There is a helicopter that we need to buy. There are missiles we need 
to buy. There are boats and planes we need to buy. Because of that, we 
must cast a vote for a flawed bill rather than ``a protest vote.''
  A protest vote? What is a protest vote? My vote, which I will cast 
whenever we get this monstrosity finally sent over here, whenever the 
Committee on Rules goes through their sham process--and it is a sham 
process, ladies and gentlemen.

[[Page H10045]]

  They will entertain some amendments, and they will give some 
perfunctory, ``Let's review it.'' They will kick it down here to the 
floor. There will be no debate, no amendments offered.

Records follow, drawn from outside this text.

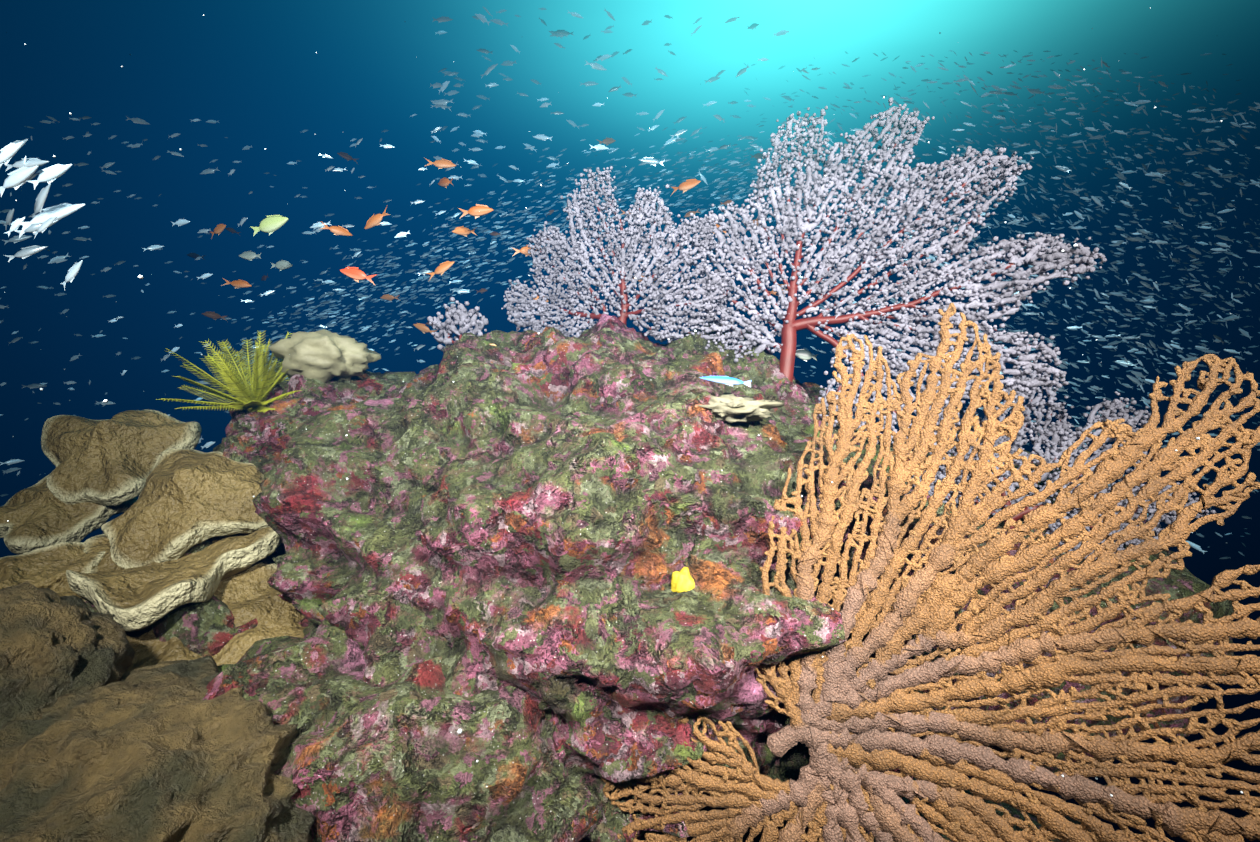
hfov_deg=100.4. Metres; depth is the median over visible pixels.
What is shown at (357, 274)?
anthias
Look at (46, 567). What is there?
plate
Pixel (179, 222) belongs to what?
fish
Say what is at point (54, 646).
coral lump
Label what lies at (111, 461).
plate
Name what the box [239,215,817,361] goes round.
damsels
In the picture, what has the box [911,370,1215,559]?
fan polyps
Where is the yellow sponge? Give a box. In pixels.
[671,567,694,592]
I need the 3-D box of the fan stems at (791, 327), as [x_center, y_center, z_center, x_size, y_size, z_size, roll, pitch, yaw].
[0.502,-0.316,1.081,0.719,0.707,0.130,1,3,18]
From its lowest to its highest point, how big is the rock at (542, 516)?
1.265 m
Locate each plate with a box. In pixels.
[0,475,136,553]
[0,542,105,601]
[41,409,201,505]
[66,527,281,631]
[101,448,269,568]
[125,558,306,670]
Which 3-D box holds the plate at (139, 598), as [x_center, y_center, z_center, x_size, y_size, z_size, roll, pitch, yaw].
[-0.752,0.271,0.890,0.273,0.169,0.300,-3,4,-40]
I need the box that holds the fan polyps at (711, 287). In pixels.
[501,166,733,342]
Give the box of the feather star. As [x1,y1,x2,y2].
[156,330,301,412]
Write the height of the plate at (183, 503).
0.211 m
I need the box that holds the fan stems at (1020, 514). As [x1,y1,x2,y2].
[933,387,1165,543]
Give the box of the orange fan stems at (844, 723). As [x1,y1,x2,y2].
[600,303,1259,841]
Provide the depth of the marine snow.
0.46 m
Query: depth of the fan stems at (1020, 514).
1.10 m
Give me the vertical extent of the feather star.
0.186 m
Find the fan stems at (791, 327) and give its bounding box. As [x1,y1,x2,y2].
[708,108,1029,412]
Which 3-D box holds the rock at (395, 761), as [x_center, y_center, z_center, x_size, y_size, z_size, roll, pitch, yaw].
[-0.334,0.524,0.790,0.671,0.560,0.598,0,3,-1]
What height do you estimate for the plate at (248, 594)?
0.293 m
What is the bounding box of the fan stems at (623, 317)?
[518,183,723,332]
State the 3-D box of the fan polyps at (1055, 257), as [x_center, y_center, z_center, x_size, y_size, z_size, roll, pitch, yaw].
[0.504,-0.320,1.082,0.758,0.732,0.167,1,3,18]
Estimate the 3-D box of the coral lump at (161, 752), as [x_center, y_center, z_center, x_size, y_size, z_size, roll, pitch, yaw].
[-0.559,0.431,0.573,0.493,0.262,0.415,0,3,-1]
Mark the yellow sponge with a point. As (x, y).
(682, 580)
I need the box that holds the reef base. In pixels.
[874,778,1090,841]
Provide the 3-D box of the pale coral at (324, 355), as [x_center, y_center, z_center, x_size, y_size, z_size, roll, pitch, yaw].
[-0.686,-0.145,1.194,0.214,0.127,0.180,0,3,-1]
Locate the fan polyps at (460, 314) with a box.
[427,297,487,351]
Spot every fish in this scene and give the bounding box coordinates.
[0,114,468,506]
[0,139,84,290]
[744,50,1241,220]
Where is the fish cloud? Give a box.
[788,50,1259,558]
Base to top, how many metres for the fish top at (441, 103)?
1.499 m
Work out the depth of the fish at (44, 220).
0.72 m
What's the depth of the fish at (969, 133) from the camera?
5.69 m
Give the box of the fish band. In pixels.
[194,93,1032,395]
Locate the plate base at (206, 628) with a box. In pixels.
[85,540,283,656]
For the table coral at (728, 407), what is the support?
on the rock at (542, 516)
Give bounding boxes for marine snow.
[4,8,1242,796]
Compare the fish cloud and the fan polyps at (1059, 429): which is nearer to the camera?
the fan polyps at (1059, 429)
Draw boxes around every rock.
[202,619,604,841]
[252,314,977,841]
[891,431,1234,786]
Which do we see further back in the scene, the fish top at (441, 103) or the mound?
the fish top at (441, 103)
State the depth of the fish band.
3.49 m
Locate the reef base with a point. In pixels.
(1014, 812)
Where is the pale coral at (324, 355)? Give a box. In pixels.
[268,329,380,382]
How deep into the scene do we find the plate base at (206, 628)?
0.81 m
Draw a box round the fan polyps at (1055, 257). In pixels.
[690,97,1106,444]
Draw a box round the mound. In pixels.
[213,370,416,553]
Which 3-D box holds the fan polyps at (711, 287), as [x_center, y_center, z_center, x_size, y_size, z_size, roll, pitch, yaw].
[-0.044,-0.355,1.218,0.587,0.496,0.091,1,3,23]
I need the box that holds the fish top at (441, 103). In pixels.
[430,6,796,184]
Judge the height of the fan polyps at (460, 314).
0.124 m
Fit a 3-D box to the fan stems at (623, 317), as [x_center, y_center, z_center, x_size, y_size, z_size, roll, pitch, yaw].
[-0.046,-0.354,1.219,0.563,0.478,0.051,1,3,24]
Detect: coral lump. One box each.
[0,581,135,727]
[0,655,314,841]
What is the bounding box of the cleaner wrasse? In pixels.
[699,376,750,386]
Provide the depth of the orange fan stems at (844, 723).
0.59 m
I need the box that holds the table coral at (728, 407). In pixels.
[690,392,784,422]
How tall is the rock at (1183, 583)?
0.890 m
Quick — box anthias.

It will be 
jammed through because every one of the people in this Chamber, both 
sides of the aisle--maybe not everyone, the vast majority--they want to 
get on their jets and get home for Christmas.
  You should have seen the wailing and gnashing of teeth last night 
when Mike Lee was offering an amendment over in the Senate to try to 
address the expiration of title 42 and what is going to occur if the 
Supreme Court lifts its stay. What is going to happen in Texas, what is 
going to happen to the United States, what is going to happen to 
migrants, the empowerment of cartels, the fentanyl pouring into our 
country, Mike Lee dared to try to do something about that.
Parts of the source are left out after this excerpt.